00:05:22.34 [Val Kroll]: So I have to admit that I really did think that MCP was just like the API for LLMs. But the more I was looking into this, it was kind of understanding that those fingers like you use in your analogy is really giving it more access than just here’s this endpoint. And it’s just a one-time thing. Can you talk about some of the things that you give it access to with those fingers or to grab to kind of give a little bit more color to what it actually does or what it’s capable of, if that makes sense?

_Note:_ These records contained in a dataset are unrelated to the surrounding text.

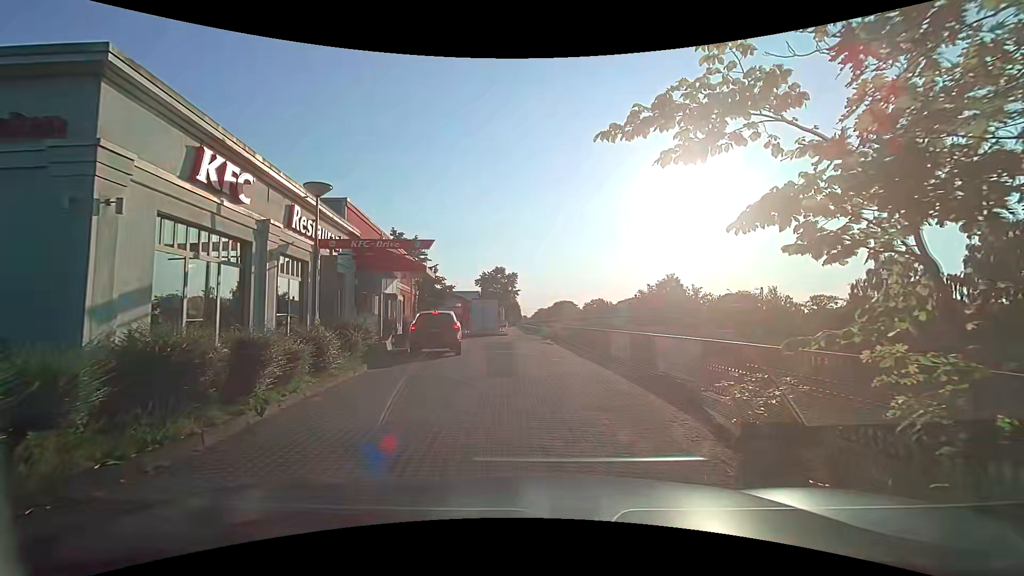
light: Day
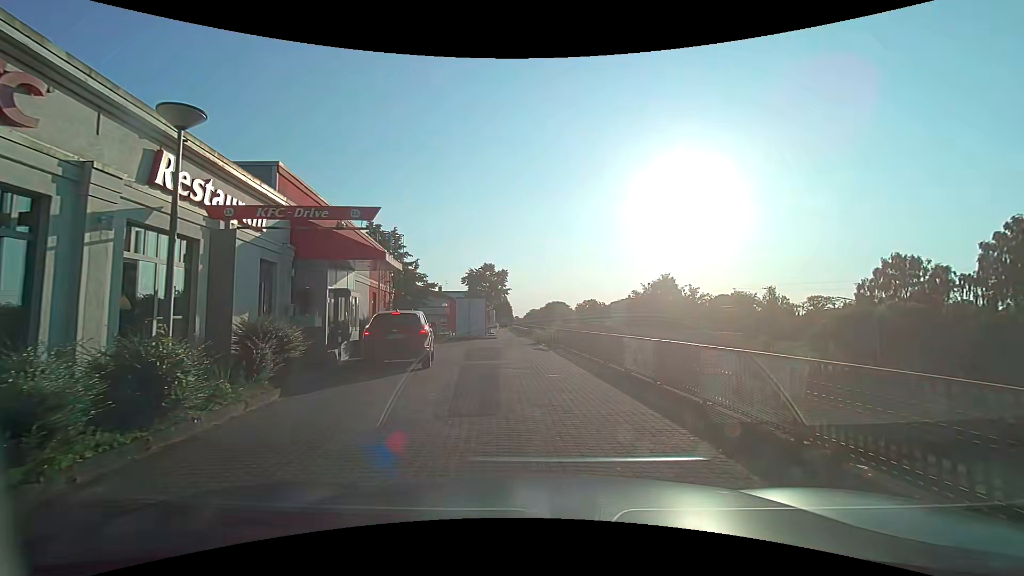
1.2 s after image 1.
(0.0, +4.0) m; +2°
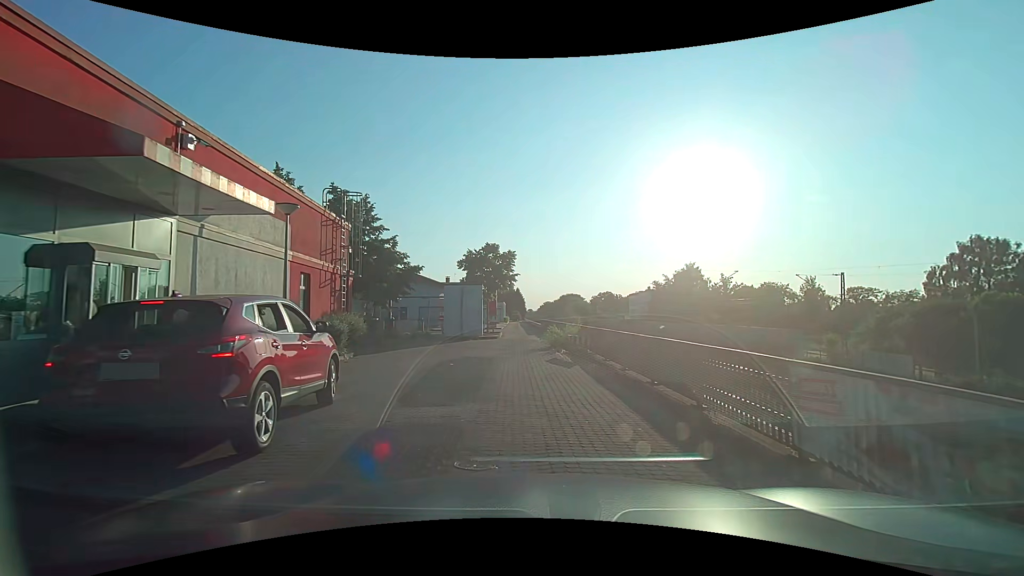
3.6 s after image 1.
(0.0, +8.9) m; -3°
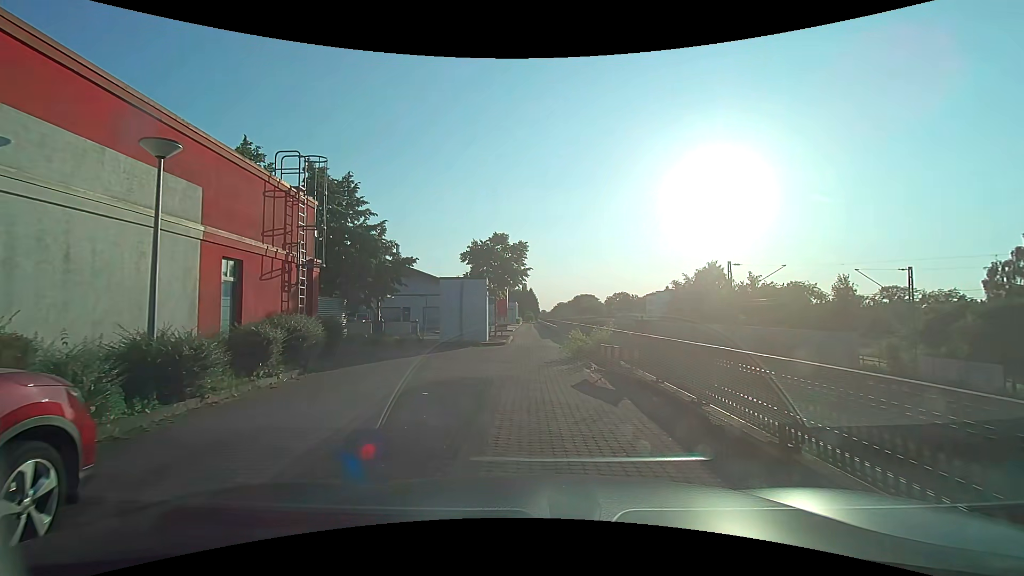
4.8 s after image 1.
(0.0, +4.9) m; 0°
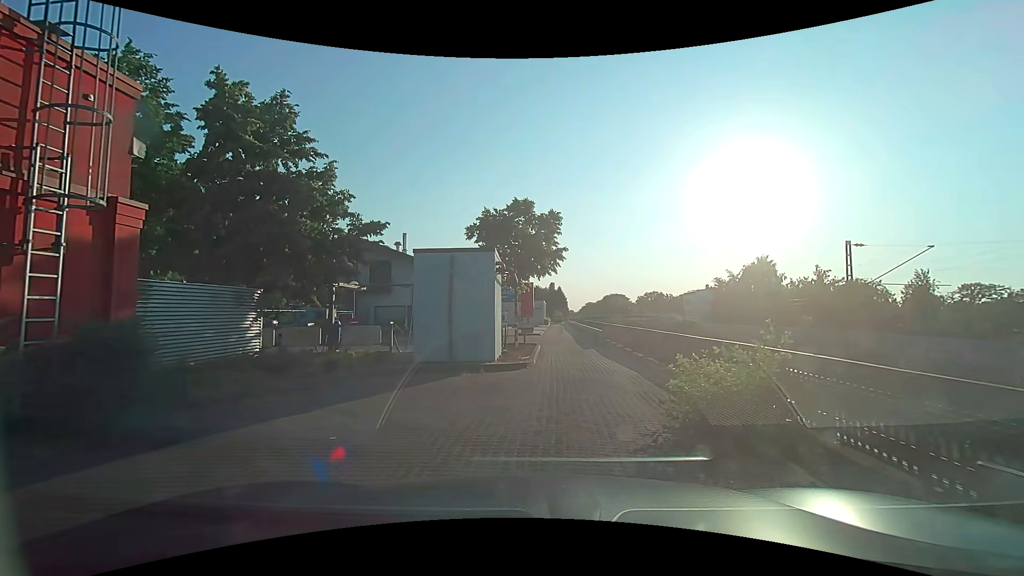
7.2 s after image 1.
(-0.3, +9.2) m; -2°
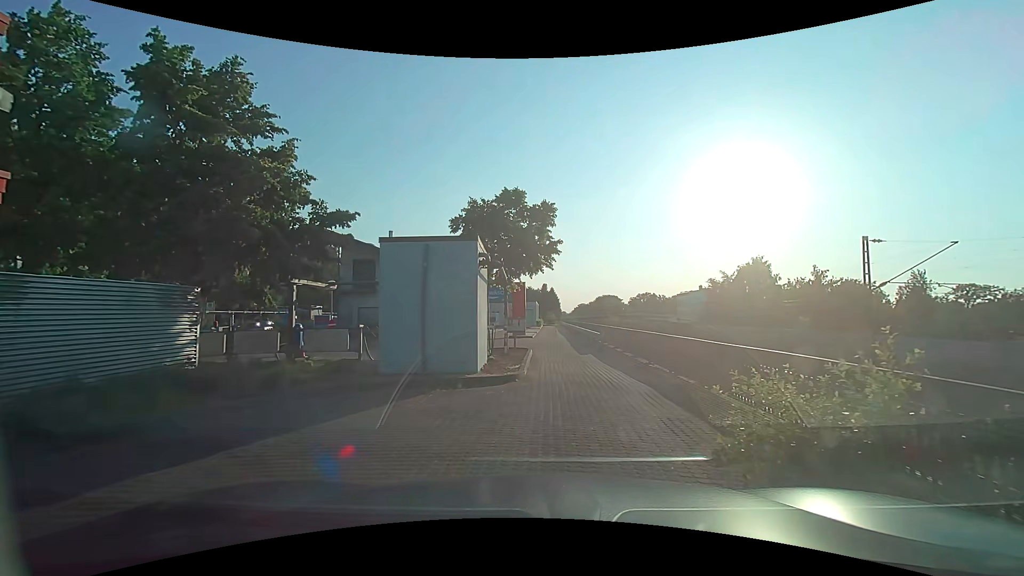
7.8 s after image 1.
(0.0, +2.1) m; 0°
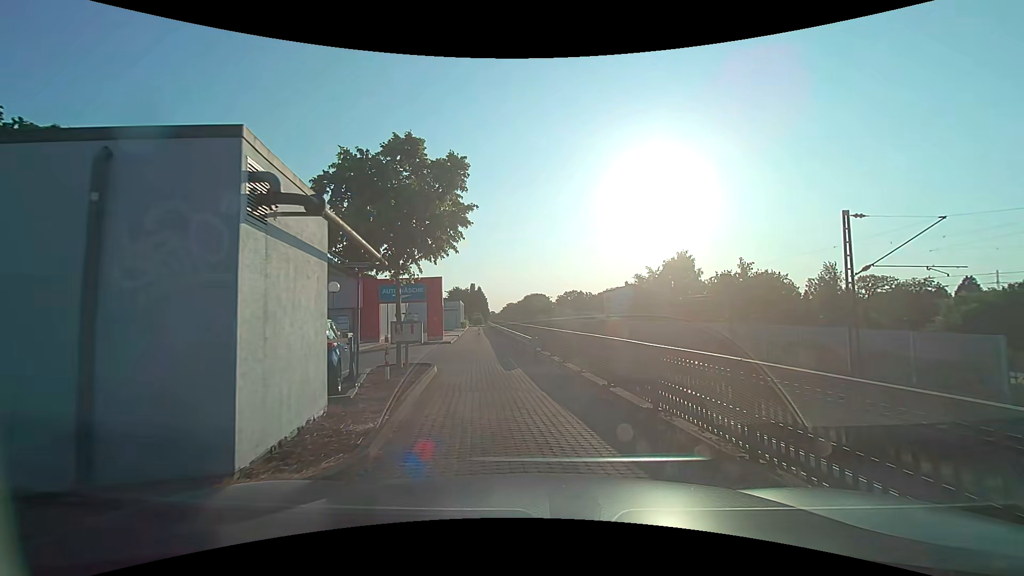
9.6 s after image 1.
(+0.3, +5.9) m; +7°
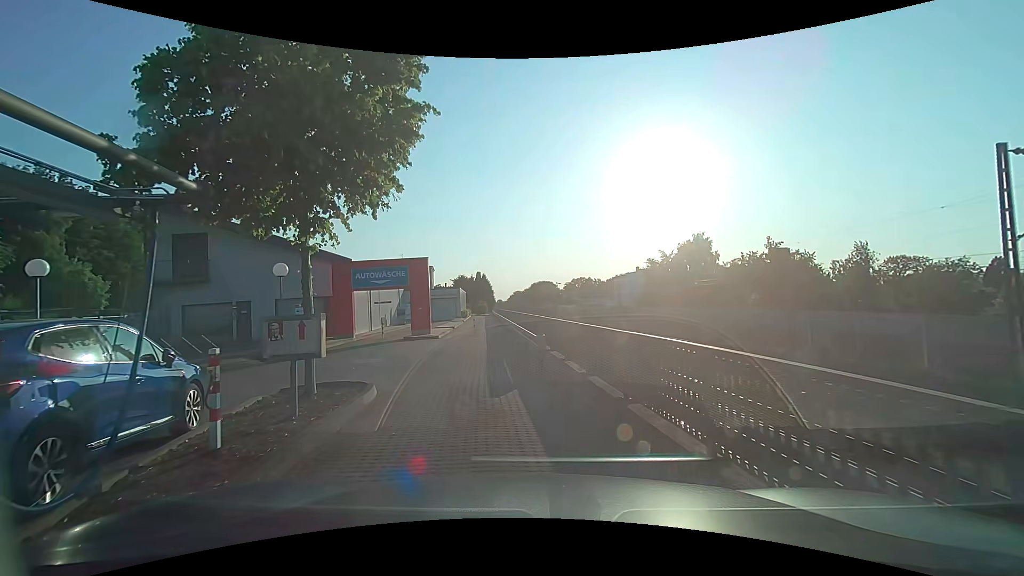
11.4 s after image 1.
(+0.1, +5.8) m; -1°

00:05:54.59 [Sam Redfern]: Yeah, absolutely. So this is in the weeds of how they work. I think the context to understand is if you’ve ever done work inside of large enterprises and you’ve tried to create an application access username and password, it’s a total pain in the butt. to go get this thing. And then your infrastructure team is like, well, you’re going to change the password every three weeks. And then you have to have a cryptographic token to do something. And it’s in some sort of space. And the reason why, actually, Anthropoc had a previous attempt at tool use in October 2024, a month before MCPs were announced, where they had a system that would take over your browser and move your cursor around. And the reason why MCPs are running on your local computer is that your user account has access to all these systems. That’s why the early paradigms of these systems are as close as possible to the end user’s system. So the analogy I give on the fingers, in a sense, is inside these MCPs, you can give it access to any number of… The standard allows you to sort of use representatives any number of tools. And you have bits of information, right? So when the agent starts, it’s basically given a list of all the tools that the MCP server has available to the agent. And so has the name of the tool. And so let’s just do a really simple example of like us, like in our agent environment, we have two tools, right? One of them is called a saw and the other one’s called a drill, right? In our SOAR tool, we would describe the name as SOAR. We would say the description is it cuts wood in a single direction across a line. Then the inputs to that is the position of the wood and the depth. That is a finger for lack of a better term. That’s our first tool and our second tool might be drill. That allows you to drill a hole through the piece of wood.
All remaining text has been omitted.